#### INFORMATION

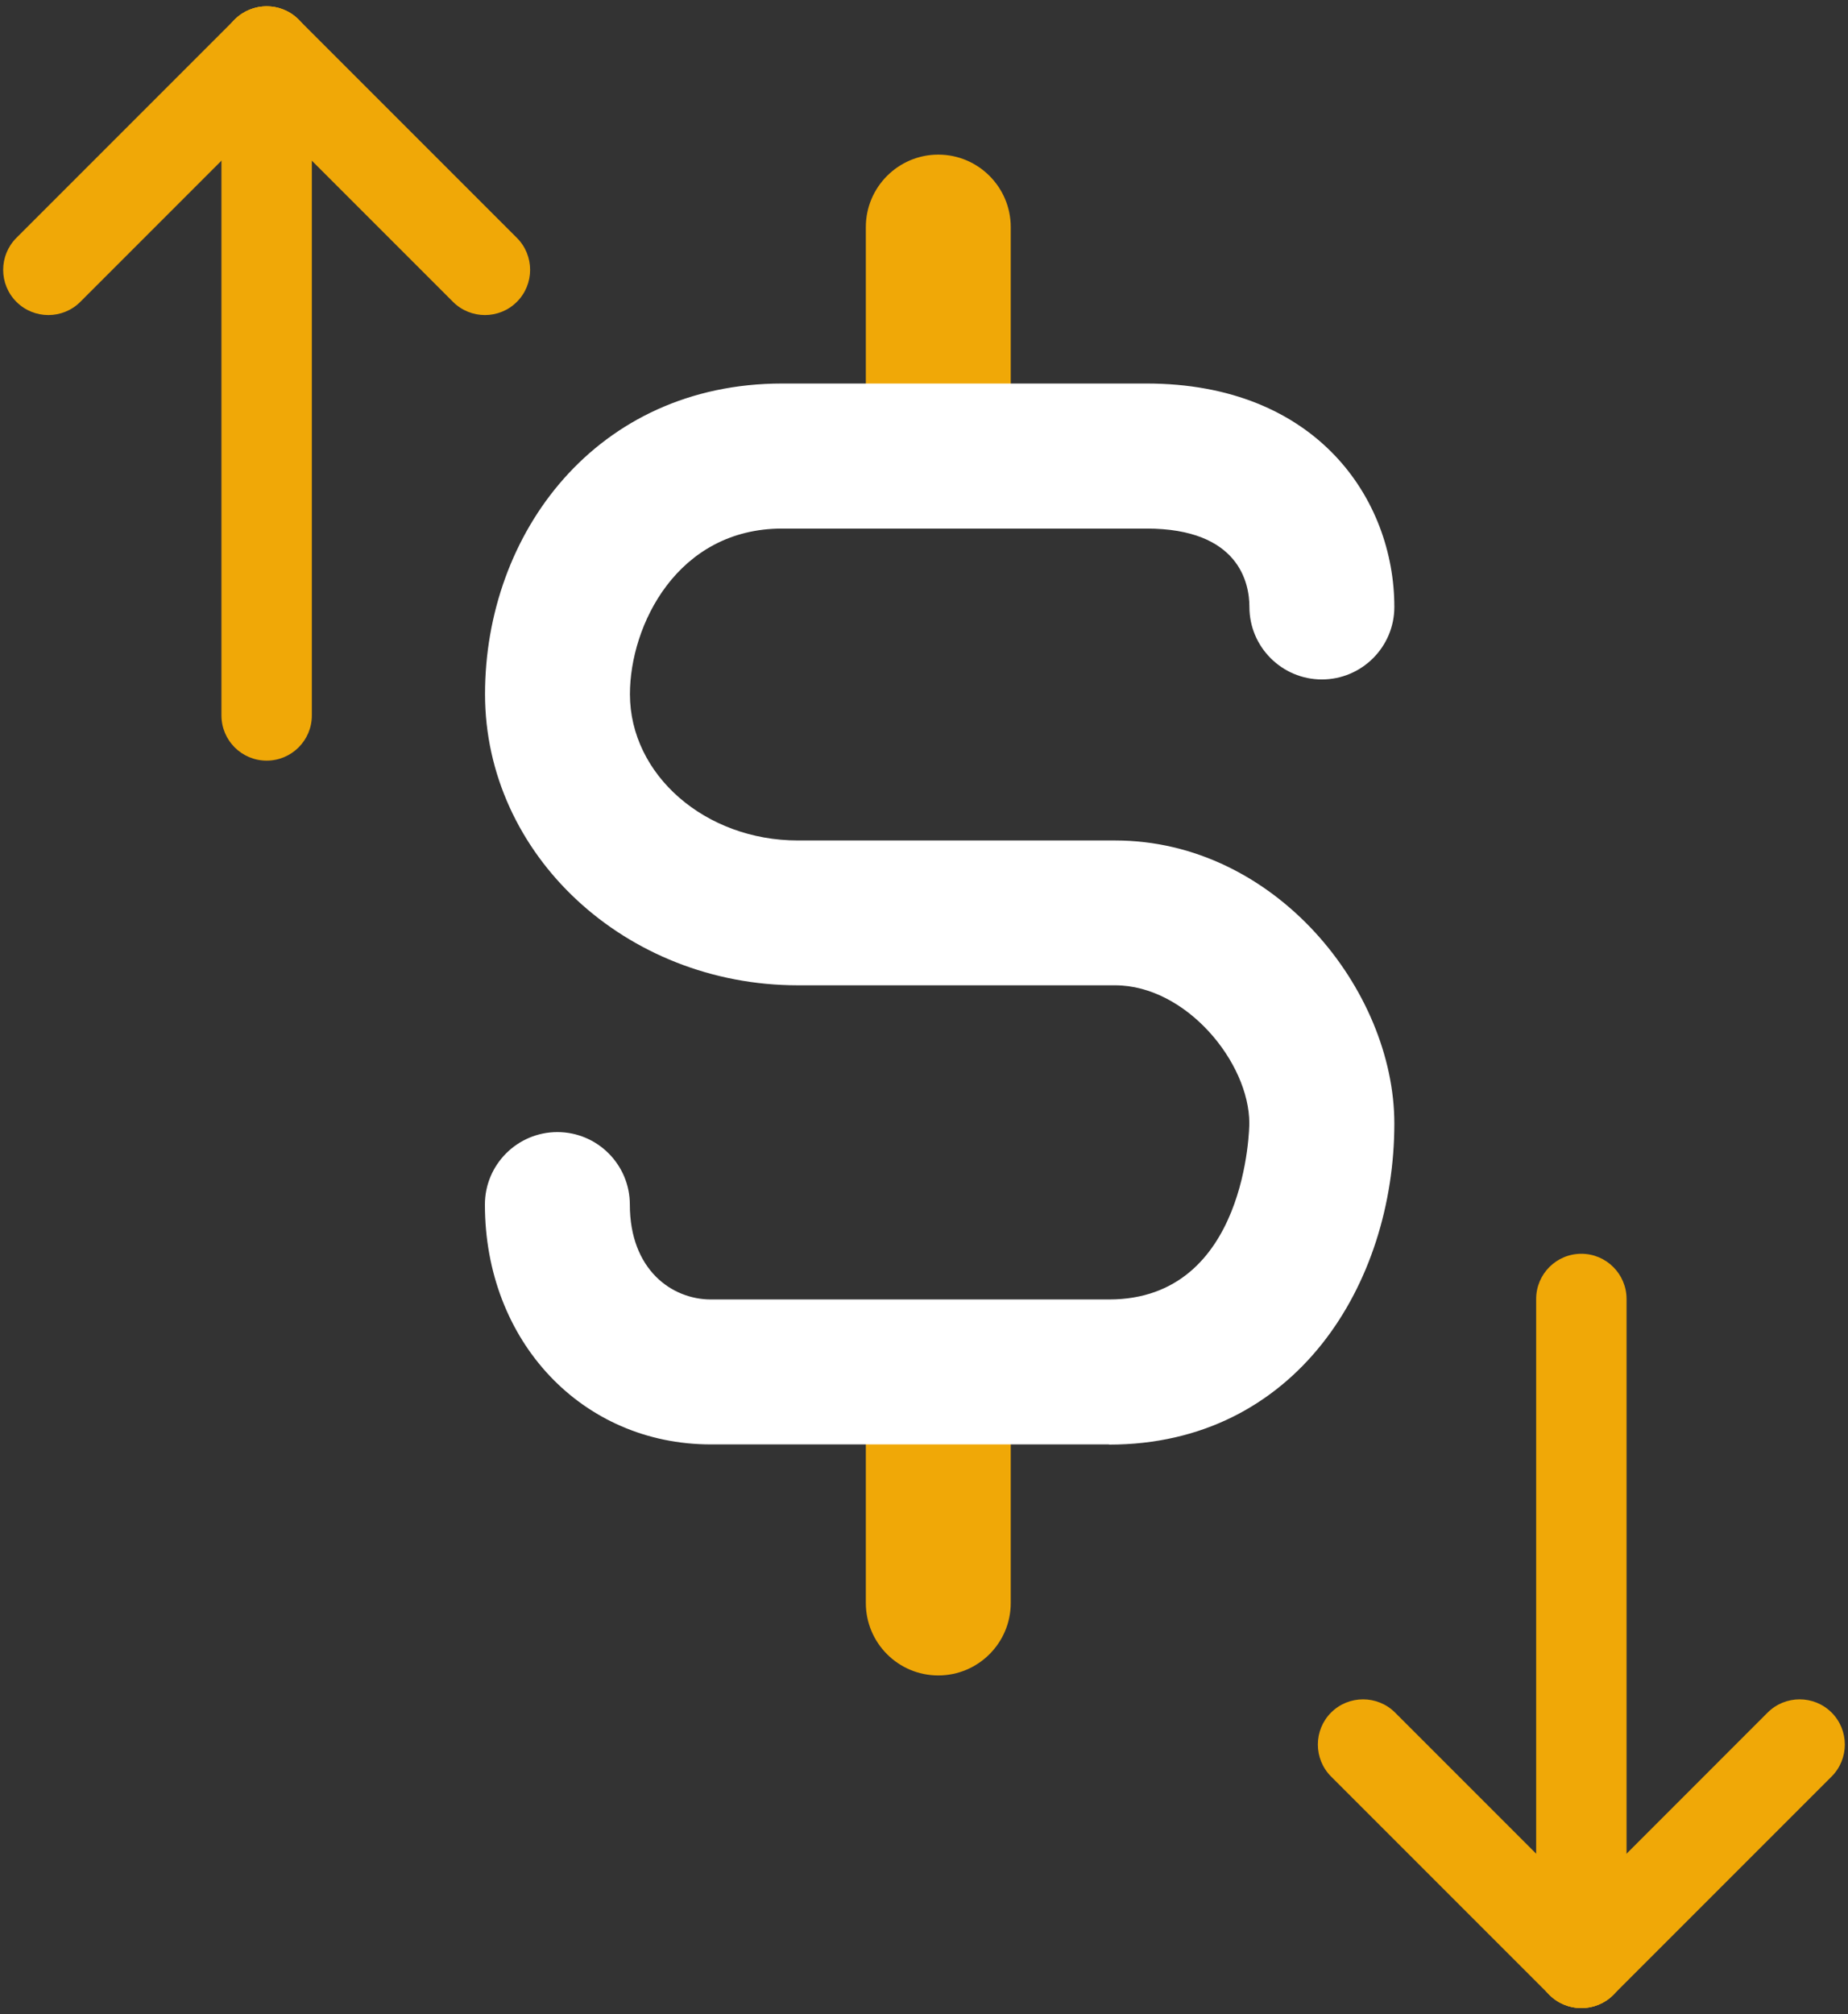 <svg width="78" height="85" viewBox="0 0 78 85" fill="none" xmlns="http://www.w3.org/2000/svg">
<rect x="0" y="0" width="78" height="85" fill="#333333" stroke="none"/>
<path d="M39.603 21.811C37.912 21.811 36.545 20.44 36.545 18.753V9.583C36.545 7.897 37.916 6.525 39.603 6.525C41.29 6.525 42.661 7.897 42.661 9.583V18.753C42.661 20.44 41.29 21.811 39.603 21.811Z" fill="#F0A807"/>
<path d="M39.603 70.702C37.912 70.702 36.545 69.331 36.545 67.644V58.474C36.545 56.787 37.916 55.416 39.603 55.416C41.29 55.416 42.661 56.787 42.661 58.474V67.644C42.661 69.331 41.29 70.702 39.603 70.702Z" fill="#F0A807"/>
<path d="M46.809 60.953H30.005C24.568 60.953 20.467 56.601 20.467 50.831C20.467 49.144 21.839 47.773 23.526 47.773C25.212 47.773 26.584 49.144 26.584 50.831C26.584 53.582 28.357 54.836 30.005 54.836H46.809C52.666 54.836 52.731 47.479 52.731 47.405C52.731 44.836 50.062 41.579 47.065 41.579H33.677C26.398 41.579 20.472 36.068 20.472 29.29C20.472 22.512 25.165 16.184 33.016 16.184H48.388C55.577 16.184 58.852 21.072 58.852 25.614C58.852 27.3 57.48 28.672 55.793 28.672C54.106 28.672 52.735 27.3 52.735 25.614C52.735 24.619 52.311 22.305 48.388 22.305H33.016C28.582 22.305 26.588 26.392 26.588 29.294C26.588 32.699 29.767 35.467 33.677 35.467H47.065C53.808 35.467 58.852 41.773 58.852 47.414C58.852 54.149 54.716 60.961 46.814 60.961L46.809 60.953Z" fill="white"/>
<path d="M66.746 84.739C65.69 84.739 64.838 83.882 64.838 82.831V54.815C64.838 53.76 65.694 52.908 66.746 52.908C67.797 52.908 68.653 53.764 68.653 54.815V82.831C68.653 83.887 67.797 84.739 66.746 84.739Z" fill="#F0A807"/>
<path d="M66.746 84.739C66.257 84.739 65.768 84.553 65.396 84.181C64.652 83.437 64.652 82.226 65.396 81.482L74.609 72.268C75.353 71.525 76.564 71.525 77.308 72.268C78.052 73.012 78.052 74.224 77.308 74.968L68.095 84.181C67.723 84.553 67.234 84.739 66.746 84.739Z" fill="#F0A807"/>
<path d="M66.745 84.739C66.256 84.739 65.768 84.553 65.396 84.181L56.182 74.968C55.438 74.224 55.438 73.012 56.182 72.268C56.926 71.525 58.138 71.525 58.882 72.268L68.095 81.482C68.839 82.226 68.839 83.437 68.095 84.181C67.723 84.553 67.234 84.739 66.745 84.739Z" fill="#F0A807"/>
<path d="M11.255 32.098C10.199 32.098 9.347 31.242 9.347 30.191V2.175C9.347 1.119 10.204 0.267 11.255 0.267C12.306 0.267 13.162 1.124 13.162 2.175V30.191C13.162 31.246 12.306 32.098 11.255 32.098Z" fill="#F0A807"/>
<path d="M2.041 13.295C1.553 13.295 1.064 13.109 0.692 12.737C-0.052 11.993 -0.052 10.782 0.692 10.038L9.905 0.825C10.649 0.081 11.86 0.081 12.604 0.825C13.348 1.569 13.348 2.78 12.604 3.524L3.391 12.737C3.019 13.109 2.53 13.295 2.041 13.295Z" fill="#F0A807"/>
<path d="M20.468 13.295C19.979 13.295 19.491 13.109 19.119 12.737L9.905 3.524C9.161 2.78 9.161 1.569 9.905 0.825C10.649 0.081 11.86 0.081 12.604 0.825L21.817 10.038C22.561 10.782 22.561 11.993 21.817 12.737C21.445 13.109 20.957 13.295 20.468 13.295Z" fill="#F0A807"/>
</svg>

########

» EXERCISE OBJECTIVE:
Print all entries exactly. The images do not belong in the copy.

» RESPONSE TO THE EXERCISE:
 <svg width="78" height="85" viewBox="0 0 78 85" fill="none" xmlns="http://www.w3.org/2000/svg">
<rect x="0" y="0" width="78" height="85" fill="#333333" stroke="none"/>
<path d="M39.603 21.811C37.912 21.811 36.545 20.44 36.545 18.753V9.583C36.545 7.897 37.916 6.525 39.603 6.525C41.29 6.525 42.661 7.897 42.661 9.583V18.753C42.661 20.44 41.29 21.811 39.603 21.811Z" fill="#F0A807"/>
<path d="M39.603 70.702C37.912 70.702 36.545 69.331 36.545 67.644V58.474C36.545 56.787 37.916 55.416 39.603 55.416C41.29 55.416 42.661 56.787 42.661 58.474V67.644C42.661 69.331 41.29 70.702 39.603 70.702Z" fill="#F0A807"/>
<path d="M46.809 60.953H30.005C24.568 60.953 20.467 56.601 20.467 50.831C20.467 49.144 21.839 47.773 23.526 47.773C25.212 47.773 26.584 49.144 26.584 50.831C26.584 53.582 28.357 54.836 30.005 54.836H46.809C52.666 54.836 52.731 47.479 52.731 47.405C52.731 44.836 50.062 41.579 47.065 41.579H33.677C26.398 41.579 20.472 36.068 20.472 29.29C20.472 22.512 25.165 16.184 33.016 16.184H48.388C55.577 16.184 58.852 21.072 58.852 25.614C58.852 27.3 57.48 28.672 55.793 28.672C54.106 28.672 52.735 27.3 52.735 25.614C52.735 24.619 52.311 22.305 48.388 22.305H33.016C28.582 22.305 26.588 26.392 26.588 29.294C26.588 32.699 29.767 35.467 33.677 35.467H47.065C53.808 35.467 58.852 41.773 58.852 47.414C58.852 54.149 54.716 60.961 46.814 60.961L46.809 60.953Z" fill="white"/>
<path d="M66.746 84.739C65.69 84.739 64.838 83.882 64.838 82.831V54.815C64.838 53.76 65.694 52.908 66.746 52.908C67.797 52.908 68.653 53.764 68.653 54.815V82.831C68.653 83.887 67.797 84.739 66.746 84.739Z" fill="#F0A807"/>
<path d="M66.746 84.739C66.257 84.739 65.768 84.553 65.396 84.181C64.652 83.437 64.652 82.226 65.396 81.482L74.609 72.268C75.353 71.525 76.564 71.525 77.308 72.268C78.052 73.012 78.052 74.224 77.308 74.968L68.095 84.181C67.723 84.553 67.234 84.739 66.746 84.739Z" fill="#F0A807"/>
<path d="M66.745 84.739C66.256 84.739 65.768 84.553 65.396 84.181L56.182 74.968C55.438 74.224 55.438 73.012 56.182 72.268C56.926 71.525 58.138 71.525 58.882 72.268L68.095 81.482C68.839 82.226 68.839 83.437 68.095 84.181C67.723 84.553 67.234 84.739 66.745 84.739Z" fill="#F0A807"/>
<path d="M11.255 32.098C10.199 32.098 9.347 31.242 9.347 30.191V2.175C9.347 1.119 10.204 0.267 11.255 0.267C12.306 0.267 13.162 1.124 13.162 2.175V30.191C13.162 31.246 12.306 32.098 11.255 32.098Z" fill="#F0A807"/>
<path d="M2.041 13.295C1.553 13.295 1.064 13.109 0.692 12.737C-0.052 11.993 -0.052 10.782 0.692 10.038L9.905 0.825C10.649 0.081 11.86 0.081 12.604 0.825C13.348 1.569 13.348 2.78 12.604 3.524L3.391 12.737C3.019 13.109 2.53 13.295 2.041 13.295Z" fill="#F0A807"/>
<path d="M20.468 13.295C19.979 13.295 19.491 13.109 19.119 12.737L9.905 3.524C9.161 2.78 9.161 1.569 9.905 0.825C10.649 0.081 11.86 0.081 12.604 0.825L21.817 10.038C22.561 10.782 22.561 11.993 21.817 12.737C21.445 13.109 20.957 13.295 20.468 13.295Z" fill="#F0A807"/>
</svg>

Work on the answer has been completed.